The bottom line is that the original specification is not met, so I’m going to expand the specification.

Why use multipart/form-data for file upload?

The encoding type application/x-www-form-urlencoded is inefficient for sending large quantities of binary data or text containing non-ASCII characters. Thus, a new media type,multipart/form-data, is proposed as a way of efficiently sending the values associated with a filled-out form from client to server.

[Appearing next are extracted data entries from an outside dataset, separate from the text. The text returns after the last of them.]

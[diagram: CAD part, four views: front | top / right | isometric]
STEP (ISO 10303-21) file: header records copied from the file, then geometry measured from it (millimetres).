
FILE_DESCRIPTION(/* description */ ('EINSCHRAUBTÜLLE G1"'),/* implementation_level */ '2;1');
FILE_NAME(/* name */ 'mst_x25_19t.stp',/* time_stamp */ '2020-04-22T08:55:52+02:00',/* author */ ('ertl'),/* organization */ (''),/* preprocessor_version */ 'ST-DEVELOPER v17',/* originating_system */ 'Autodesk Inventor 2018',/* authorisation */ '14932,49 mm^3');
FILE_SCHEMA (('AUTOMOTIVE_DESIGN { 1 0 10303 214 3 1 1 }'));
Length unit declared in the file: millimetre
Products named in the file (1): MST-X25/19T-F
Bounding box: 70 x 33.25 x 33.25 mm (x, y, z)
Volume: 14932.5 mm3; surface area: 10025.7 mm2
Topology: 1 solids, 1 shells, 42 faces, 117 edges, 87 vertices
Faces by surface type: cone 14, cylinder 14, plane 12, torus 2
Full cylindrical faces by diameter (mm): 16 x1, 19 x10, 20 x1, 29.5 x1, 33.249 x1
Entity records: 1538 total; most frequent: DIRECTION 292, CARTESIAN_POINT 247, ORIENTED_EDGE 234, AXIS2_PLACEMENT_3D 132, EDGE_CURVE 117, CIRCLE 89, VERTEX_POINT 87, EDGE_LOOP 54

The 1867 document also explains why a new type was added instead of the old Application/X-wwW-form-urlencoded: it was not suitable for transmitting large binary data or data containing non-ASCII characters. Usually when we use this type, the form data is url encoded and then sent to the back end. Of course, the binaries cannot be encoded together. So multipart/form-data was born, designed to efficiently transfer files.

Maybe you have a question? It can be usedapplication/json?

In fact, I think you can do it whatever you want, but multipart/form-data is better when you take all these factors into account. For example, we know that the file is in binary form and the application/ JSON is transmitted as text, so in a sense we can actually convert the file to a Base64 form like text. But, when you convert to this form, the back end has to do special parsing of the form that you transmit. And the text in the transmission process is compared to the binary efficiency is low, so for us at dozens of M hundreds of M files is slower.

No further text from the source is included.